Modeling individual variation in early literacy skills in kindergarten children with intellectual disabilities.

van Tilborg et al. (2018) · Research in developmental disabilities 2018
★ The Verdict

Phonological awareness, the usual reading crystal ball, fades for kids with ID—shift early teaching to letters, naming speed, and attention.

✓ Read this if BCBAs writing literacy goals for kindergarten students with intellectual disability.
✗ Skip if Clinicians serving only verbal children with average IQ or above.

01Research in Context

01

What this study did

van Tilborg et al. (2018) tracked how well different skills predict early reading in kindergarten kids with intellectual disability. They compared these kids to same-age peers without disability on letter naming, phonological awareness, rapid naming, and attention. The team wanted to see which skills matter most when IQ is below average.

02

What they found

Kids with ID scored lower on every early reading task. The surprise: phonological awareness, the star predictor in typical readers, carried little weight for the ID group. Instead, letter knowledge, rapid naming speed, and focused attention drove their early scores.

03

How this fits with other research

Mascheretti et al. (2018) reviewed dozens of studies and named phonological awareness as a key reading risk marker across the board. That looks like a clash, but it isn't. Sara's review pooled mostly typical or reading-disabled samples; Arjan zoomed in on kids with ID. The skill that predicts for most children predicts far less for this subgroup.
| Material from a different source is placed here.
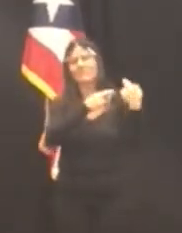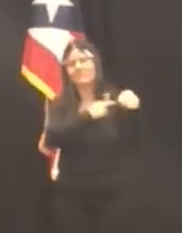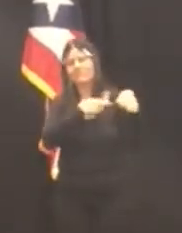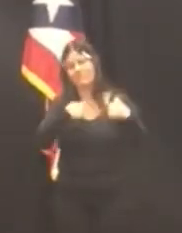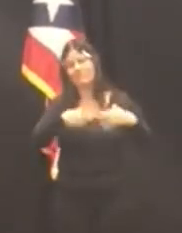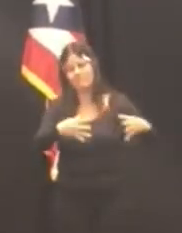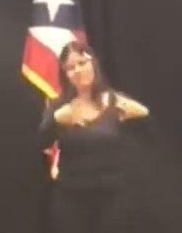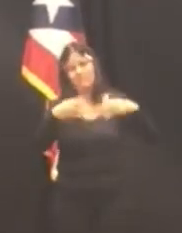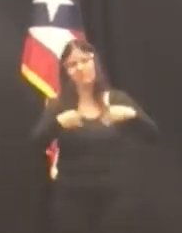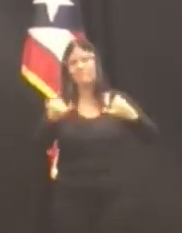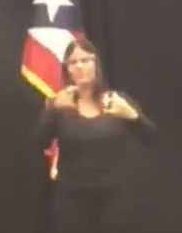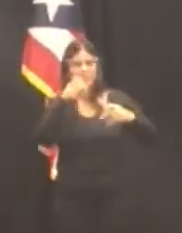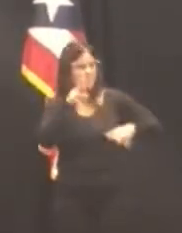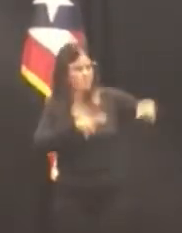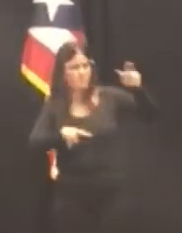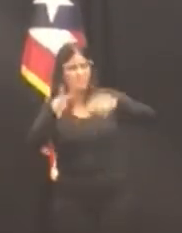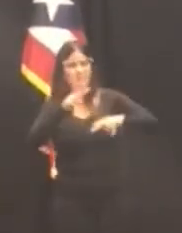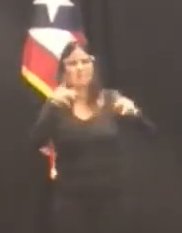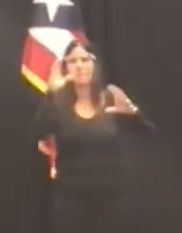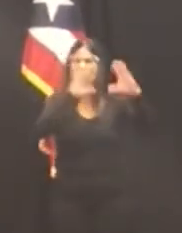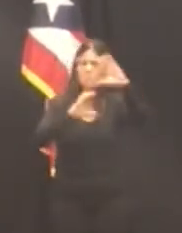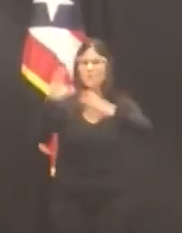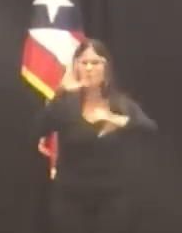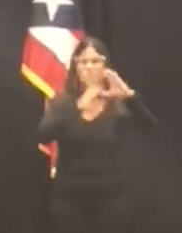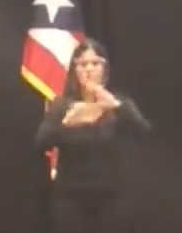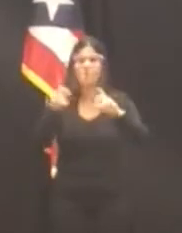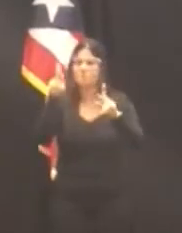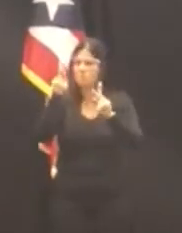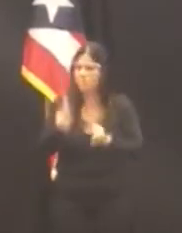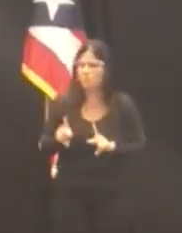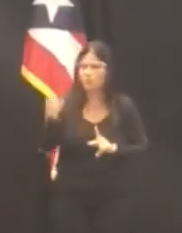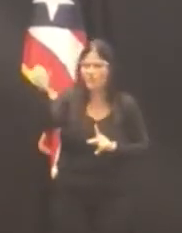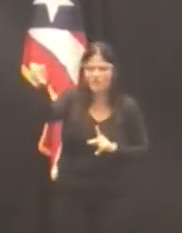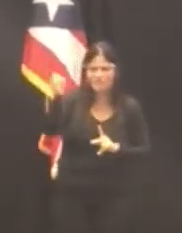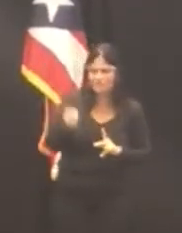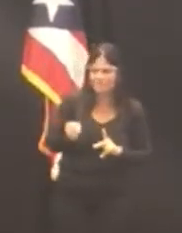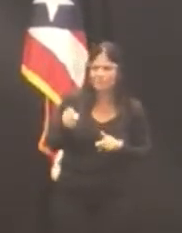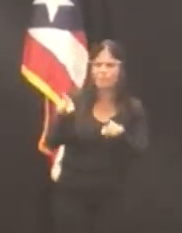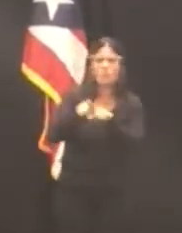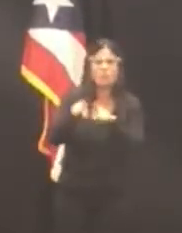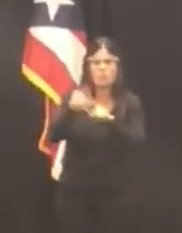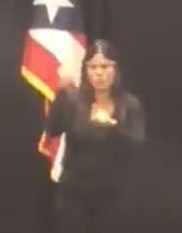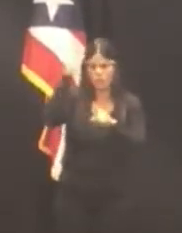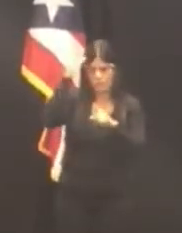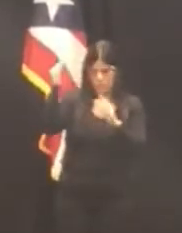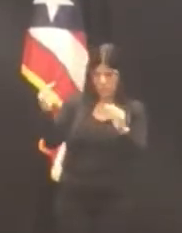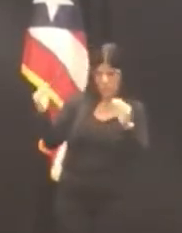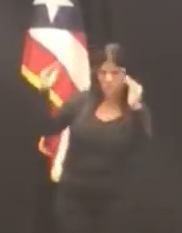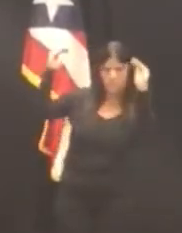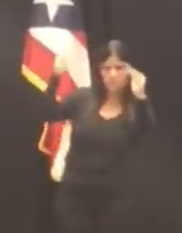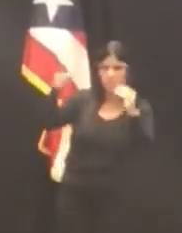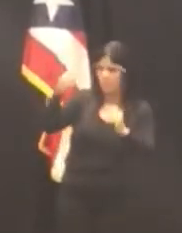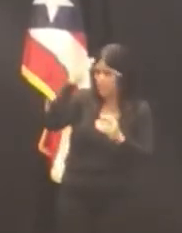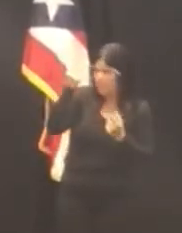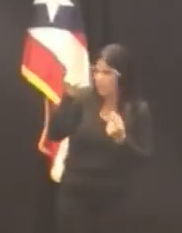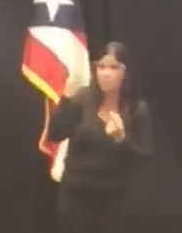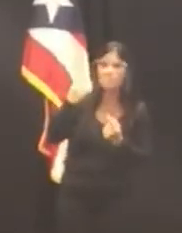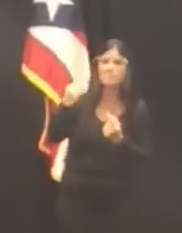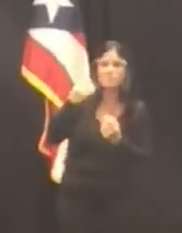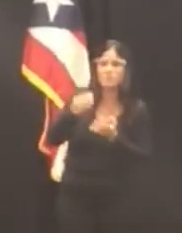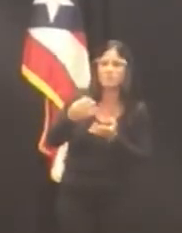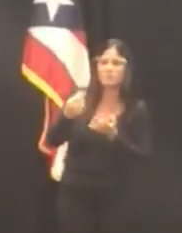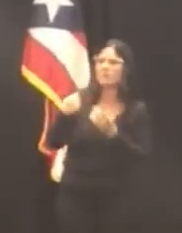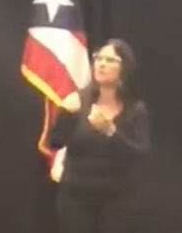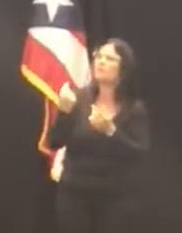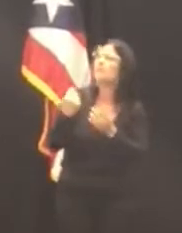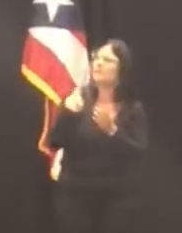candidato o candidata que enaltezca, enriquezca y aporte al desarrollo jurídico de Puerto

Cornoldi et al. (2014) showed that kids with ID display flatter cognitive profiles than those with specific learning disability. Arjan's finding lines up: when profiles are flat, no single language chip (like phonology) stands out, so teachers must cast a wider net.
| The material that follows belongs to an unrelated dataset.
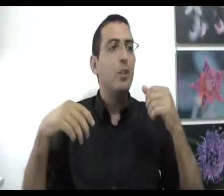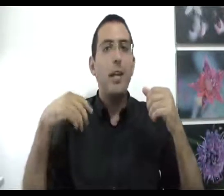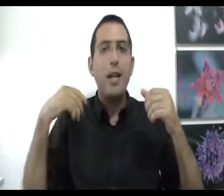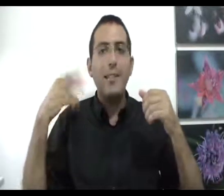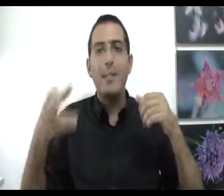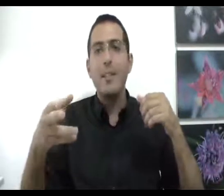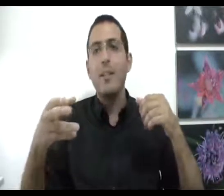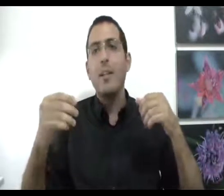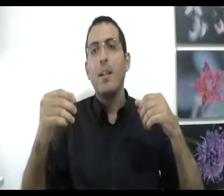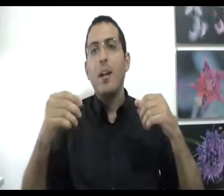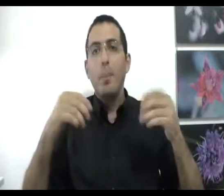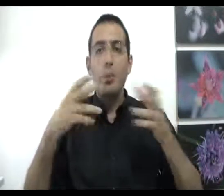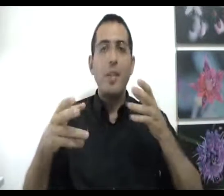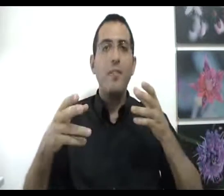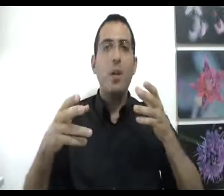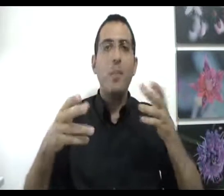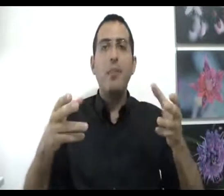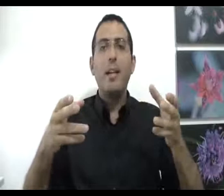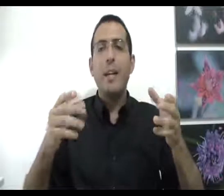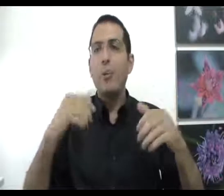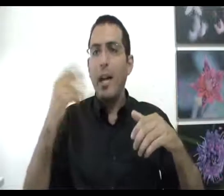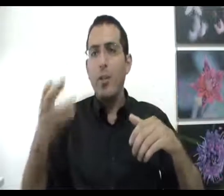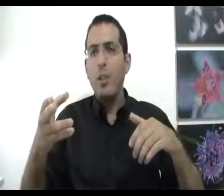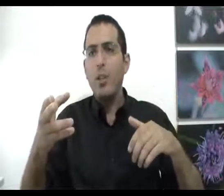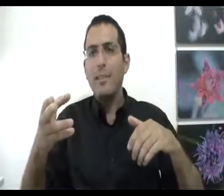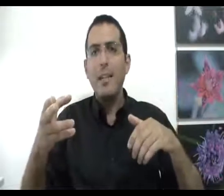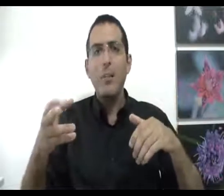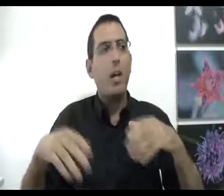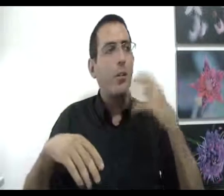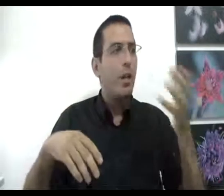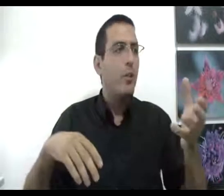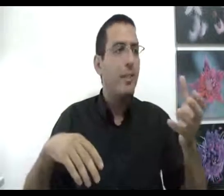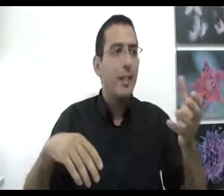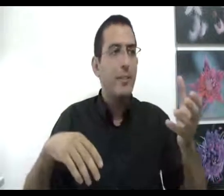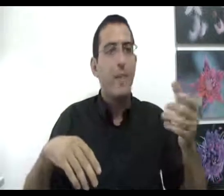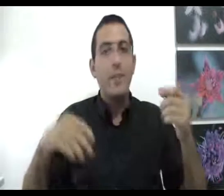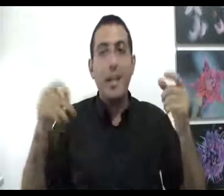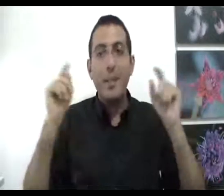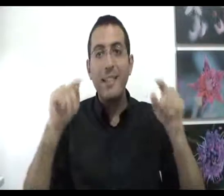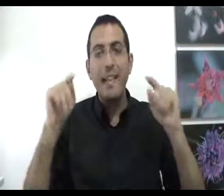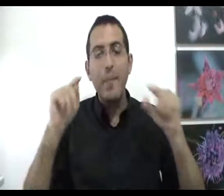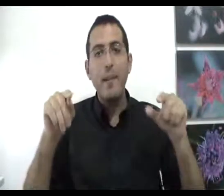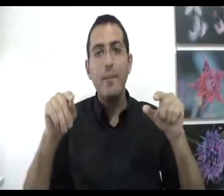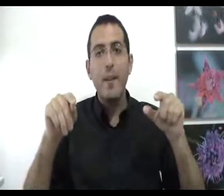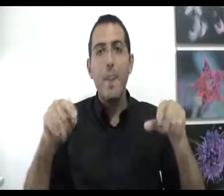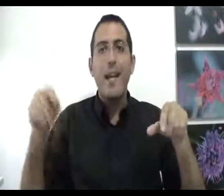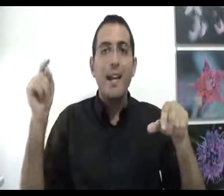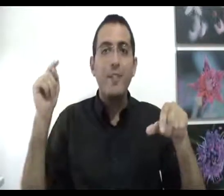שעצלן פשוט צריך לבדוק מה יותר קל לו קל לו יותר להיות עצלן או קל לו יותר להיות זריז כי מצד האמת אפשר

Bellon-Harn et al. (2020) found that life experience helps typical adolescents plan, but not those with ID. The same difference model appears here—what usually lifts reading (phonology) does not lift it for kids with ID.

04

Why it matters

Stop drilling phonological games as your first move with ID kindergarteners. Start with fast letter-naming drills, build strong visual letter memory, and teach attention control. These targets give you more reading traction and respect the unique learning profile of children with intellectual disability.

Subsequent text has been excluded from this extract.